YOUR OBJECTIVE
Images aside, return all the entries exactly.

SUPPLIED DATA
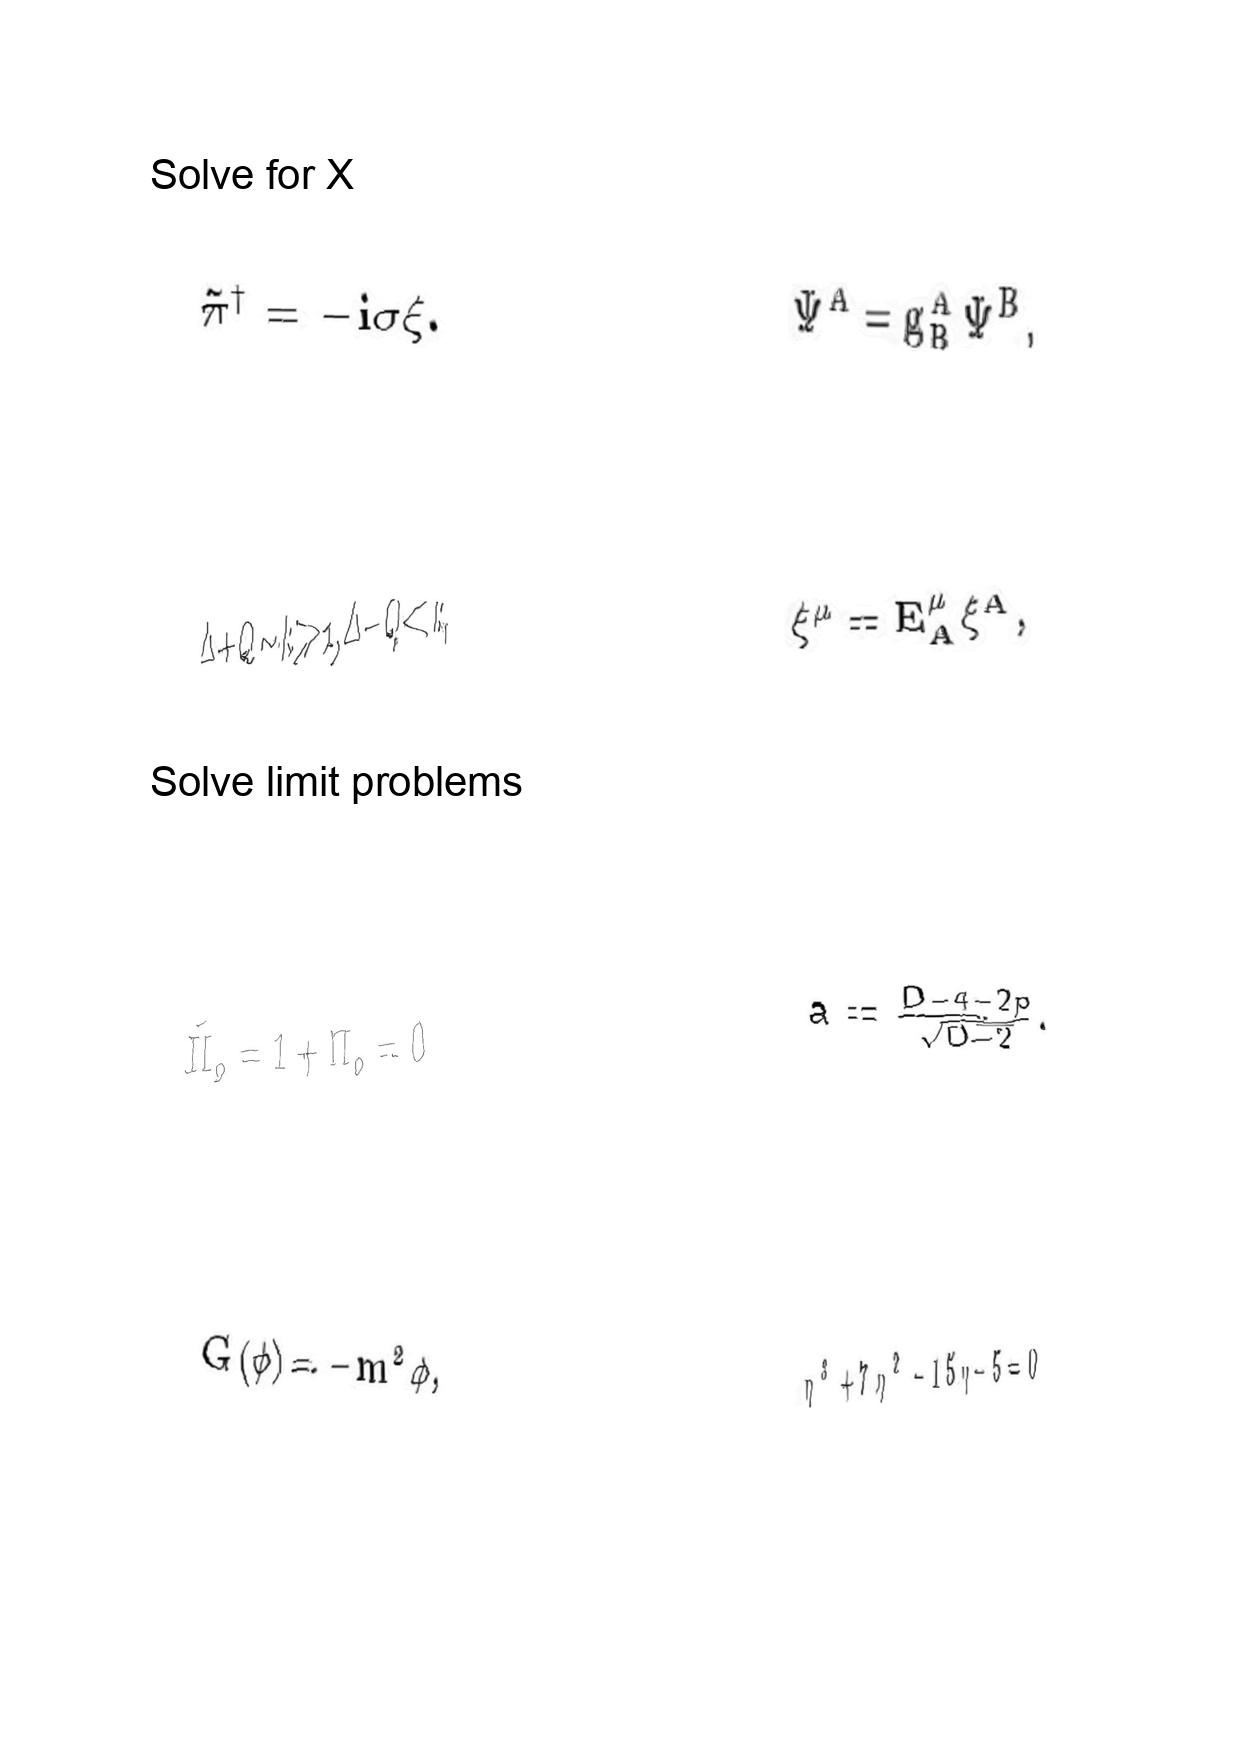
LaTeX transcription:
\tilde { \pi } ^ { \dagger } = - i \sigma \xi .
\Delta + Q \sim k \gg 1 , \Delta - Q \ll k ,
\tilde { \Pi } _ { o } = 1 + \Pi _ { o } = 0
G \lparen \phi \rparen = - m ^ { 2 } \phi ,
\Psi ^ { A } = g ^ { A } _ { B } \Psi ^ { B } ,
\xi ^ { \mu } = E _ { A } ^ { \mu } \xi ^ { A } ,
a = \frac { D - 4 - 2 p } { \sqrt { D - 2 } } .
\eta ^ { 3 } + 7 \eta ^ { 2 } - 1 5 \eta - 5 = 0
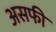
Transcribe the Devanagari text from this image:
असफी
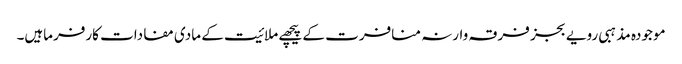
موجودہ مذہبی رویے بجز فرقہ وارنہ منافرت کے پیچھے ملائیت کے مادی مفادات کارفرماہیں۔
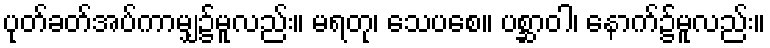
ပုတ်ခတ်အပ်ကာမျှ၌မူလည်း။ မရတု၊ သေပစေ။ ပစ္ဆာဝါ၊ နောက်၌မူလည်း။
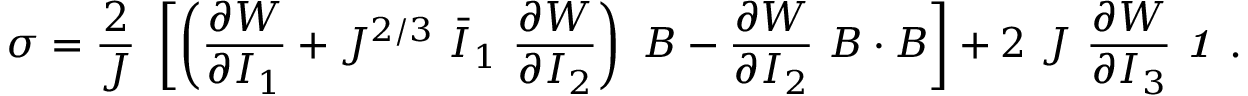
{ \boldsymbol { \sigma } } = { \frac { 2 } { J } } ~ \left[ \left( { \frac { \partial W } { \partial I _ { 1 } } } + J ^ { 2 / 3 } ~ { \bar { I } } _ { 1 } ~ { \frac { \partial W } { \partial I _ { 2 } } } \right) ~ { \boldsymbol { B } } - { \frac { \partial W } { \partial I _ { 2 } } } ~ { \boldsymbol { B } } \cdot { \boldsymbol { B } } \right] + 2 ~ J ~ { \frac { \partial W } { \partial I _ { 3 } } } ~ { \boldsymbol { \mathit { 1 } } } ~ .
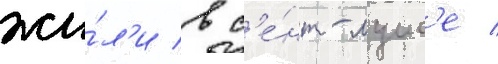
жи́л'и в с'е́нт-луис'е /
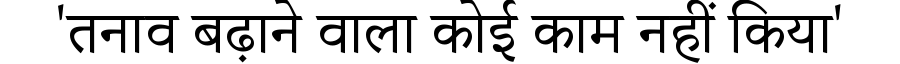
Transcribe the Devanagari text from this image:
'तनाव बढ़ाने वाला कोई काम नहीं किया'
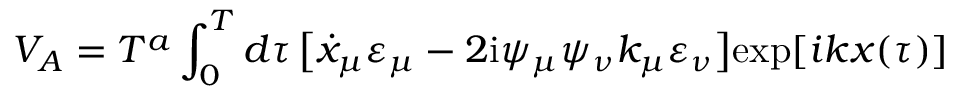
V _ { A } = T ^ { a } \int _ { 0 } ^ { T } d \tau \, \bigl [ \dot { x } _ { \mu } \varepsilon _ { \mu } - 2 \mathrm { i } \psi _ { \mu } \psi _ { \nu } k _ { \mu } \varepsilon _ { \nu } \bigr ] \mathrm { e x p } [ i k x ( { \tau } ) ]

OUTPUT OF THE EXERCISE
LaTeX transcription:
\tilde { \pi } ^ { \dagger } = - i \sigma \xi .
\Delta + Q \sim k \gg 1 , \Delta - Q \ll k ,
\tilde { \Pi } _ { o } = 1 + \Pi _ { o } = 0
G \lparen \phi \rparen = - m ^ { 2 } \phi ,
\Psi ^ { A } = g ^ { A } _ { B } \Psi ^ { B } ,
\xi ^ { \mu } = E _ { A } ^ { \mu } \xi ^ { A } ,
a = \frac { D - 4 - 2 p } { \sqrt { D - 2 } } .
\eta ^ { 3 } + 7 \eta ^ { 2 } - 1 5 \eta - 5 = 0
Transcribe the Devanagari text from this image:
असफी
موجودہ مذہبی رویے بجز فرقہ وارنہ منافرت کے پیچھے ملائیت کے مادی مفادات کارفرماہیں۔
ပုတ်ခတ်အပ်ကာမျှ၌မူလည်း။ မရတု၊ သေပစေ။ ပစ္ဆာဝါ၊ နောက်၌မူလည်း။
{ \boldsymbol { \sigma } } = { \frac { 2 } { J } } ~ \left[ \left( { \frac { \partial W } { \partial I _ { 1 } } } + J ^ { 2 / 3 } ~ { \bar { I } } _ { 1 } ~ { \frac { \partial W } { \partial I _ { 2 } } } \right) ~ { \boldsymbol { B } } - { \frac { \partial W } { \partial I _ { 2 } } } ~ { \boldsymbol { B } } \cdot { \boldsymbol { B } } \right] + 2 ~ J ~ { \frac { \partial W } { \partial I _ { 3 } } } ~ { \boldsymbol { \mathit { 1 } } } ~ .
жи́л'и в с'е́нт-луис'е /
Transcribe the Devanagari text from this image:
'तनाव बढ़ाने वाला कोई काम नहीं किया'
V _ { A } = T ^ { a } \int _ { 0 } ^ { T } d \tau \, \bigl [ \dot { x } _ { \mu } \varepsilon _ { \mu } - 2 \mathrm { i } \psi _ { \mu } \psi _ { \nu } k _ { \mu } \varepsilon _ { \nu } \bigr ] \mathrm { e x p } [ i k x ( { \tau } ) ]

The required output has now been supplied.